Last May 21, a boat capsized near Shwe Sainyan Beach in Pathein Township, Ayeyarwady Region, and many Muslims drowned as a result of heavy rain and wind while leaving Rakhine from Rakhine State. There were about 90 Muslims in the boat. Of these, 17 Muslim corpses and more than 20 survivors, including a broker, were found on May 22 at the Shwe Taingyan beach. May 24 On the 25th, eight Muslim bodies were found on the beach in Gu Township, Rakhine State. RFA has not been able to independently confirm the whereabouts of the 40 missing Muslims.

arrested-rohingya-thai.jpg2022 Seeing the Rohingya who were arrested in Khotaung Island, southern Thailand on June 4 (Photo: HANDOUT / ROYAL THAI NAVY / AFP)

In addition, 59 Muslims from Myanmar and Bangladesh were arrested on June 4 by Thai authorities on Khotaung Island in Sattun District, southern Thailand. The Thai authorities discovered that the Muslims had arrived in Malaysia after they were put off the boat. On June 7, Human Rights Watch (HRW) asked the Thai government to help them as refugees.

U Tin Hlaing, a Muslim from Sakkyen Pyin village in Sittwe Township, who works to prevent human trafficking, told RFA that there are also victims of human trafficking who try to leave for other countries.

"I made a video of the traffickers beating the children to see how pitiful some of the children are. And that's their mother, I sent it to my father. If you want your son to live, the remaining money to pay is 30,000,000. 50 20 10 Send the money, There are such types of typos. The parents are also in the refugee camp. There is no money to pay. If there is no more, what do they do? I sold the food production book. Finally, they have no place to stay. There will be no more food. Because their children don't die. We have seen such situations."

In the midst of these conditions, young Muslims are fleeing and leaving abroad.
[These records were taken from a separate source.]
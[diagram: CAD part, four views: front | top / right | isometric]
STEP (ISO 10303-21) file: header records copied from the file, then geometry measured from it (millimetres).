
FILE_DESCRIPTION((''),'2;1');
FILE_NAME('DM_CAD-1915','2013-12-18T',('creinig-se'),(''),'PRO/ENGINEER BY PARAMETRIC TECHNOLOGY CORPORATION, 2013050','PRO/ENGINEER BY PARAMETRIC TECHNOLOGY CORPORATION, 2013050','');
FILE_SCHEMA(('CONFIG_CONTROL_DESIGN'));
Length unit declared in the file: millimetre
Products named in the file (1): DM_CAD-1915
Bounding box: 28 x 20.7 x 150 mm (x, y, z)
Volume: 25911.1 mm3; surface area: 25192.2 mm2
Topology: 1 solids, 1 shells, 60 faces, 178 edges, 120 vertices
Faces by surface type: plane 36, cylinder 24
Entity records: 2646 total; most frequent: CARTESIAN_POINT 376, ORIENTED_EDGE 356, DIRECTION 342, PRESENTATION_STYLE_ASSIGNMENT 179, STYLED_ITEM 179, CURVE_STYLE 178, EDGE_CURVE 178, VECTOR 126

RFA tried to contact the Rakhine Military Council regarding the situation of Muslims in Rakhine State, but they did not answer the phone.
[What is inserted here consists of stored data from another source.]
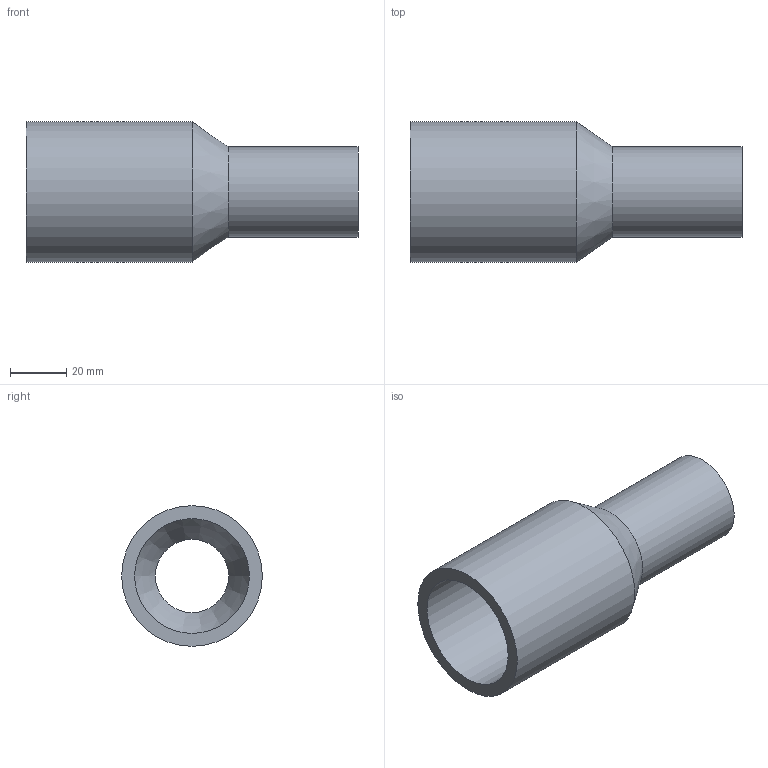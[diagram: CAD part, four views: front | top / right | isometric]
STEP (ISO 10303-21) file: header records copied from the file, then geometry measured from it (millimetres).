
FILE_DESCRIPTION (( 'STEP AP203' ), '1' );
FILE_NAME ('581229211.STEP', '2017-07-31T14:53:25', ( '' ), ( '' ), 'SwSTEP 2.0', 'SolidWorks 2017', '' );
FILE_SCHEMA (( 'CONFIG_CONTROL_DESIGN' ));
Length unit declared in the file: inch
Products named in the file (1): 581229211
Bounding box: 118 x 50 x 50 mm (x, y, z)
Volume: 57144.5 mm3; surface area: 29747.5 mm2
Topology: 1 solids, 1 shells, 8 faces, 14 edges, 8 vertices
Faces by surface type: cylinder 4, plane 2, cone 2
Full cylindrical faces by diameter (mm): 26 x1, 32 x1, 40.8 x1, 50 x1
Entity records: 247 total; most frequent: DIRECTION 34, CARTESIAN_POINT 25, AXIS2_PLACEMENT_3D 17, ORIENTED_EDGE 16, EDGE_LOOP 16, FACE_OUTER_BOUND 12, CIRCLE 8, ADVANCED_FACE 8

In addition to this, RFA contacted General Zaw Min Tun, who is allowed to speak on the Military Council, to ask about this by phone several times from June 8th to 10th, but he has not yet received an answer.

"In the entire country of Myanmar, all other people have the right to travel by road, water, etc., but the Rohingyas do not even have the right to use ordinary land or water. "
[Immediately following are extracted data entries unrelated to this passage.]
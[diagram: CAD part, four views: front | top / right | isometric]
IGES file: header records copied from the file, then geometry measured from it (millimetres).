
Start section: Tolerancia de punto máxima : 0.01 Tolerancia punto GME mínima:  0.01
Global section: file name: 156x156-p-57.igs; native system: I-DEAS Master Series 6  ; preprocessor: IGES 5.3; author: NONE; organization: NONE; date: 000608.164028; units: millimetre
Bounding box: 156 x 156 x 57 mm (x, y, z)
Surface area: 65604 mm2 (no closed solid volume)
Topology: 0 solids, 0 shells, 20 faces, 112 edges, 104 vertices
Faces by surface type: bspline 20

Ko Ne San Lwin, the co-founder of the Rohingya Liberation Coalition, pointed out that these events are the consequence of the violation of Rohingya's basic rights in the region.

"If you can work and eat freely in your area, If it was peaceful, no one would be moving. In the whole of Myanmar, all other people use land, road, They have the right to travel by waterways, but the Rohingyas have the right to travel by land. They don't even have access to waterways. The right to work and eat in Rakhine, the homeland of the Rohingya. The fact that basic rights such as the right to move around are being prevented is a major violation of human rights."

In Rakhine State, since 2012, the war, forest Due to ethnic conflicts in townships such as Kyauk Phyu, many Muslims have fled to refugee camps.

In 2017, Buthidaung, More than 700,000 Muslims had to flee to Bangladesh due to the army's clearing of Maungdaw townships.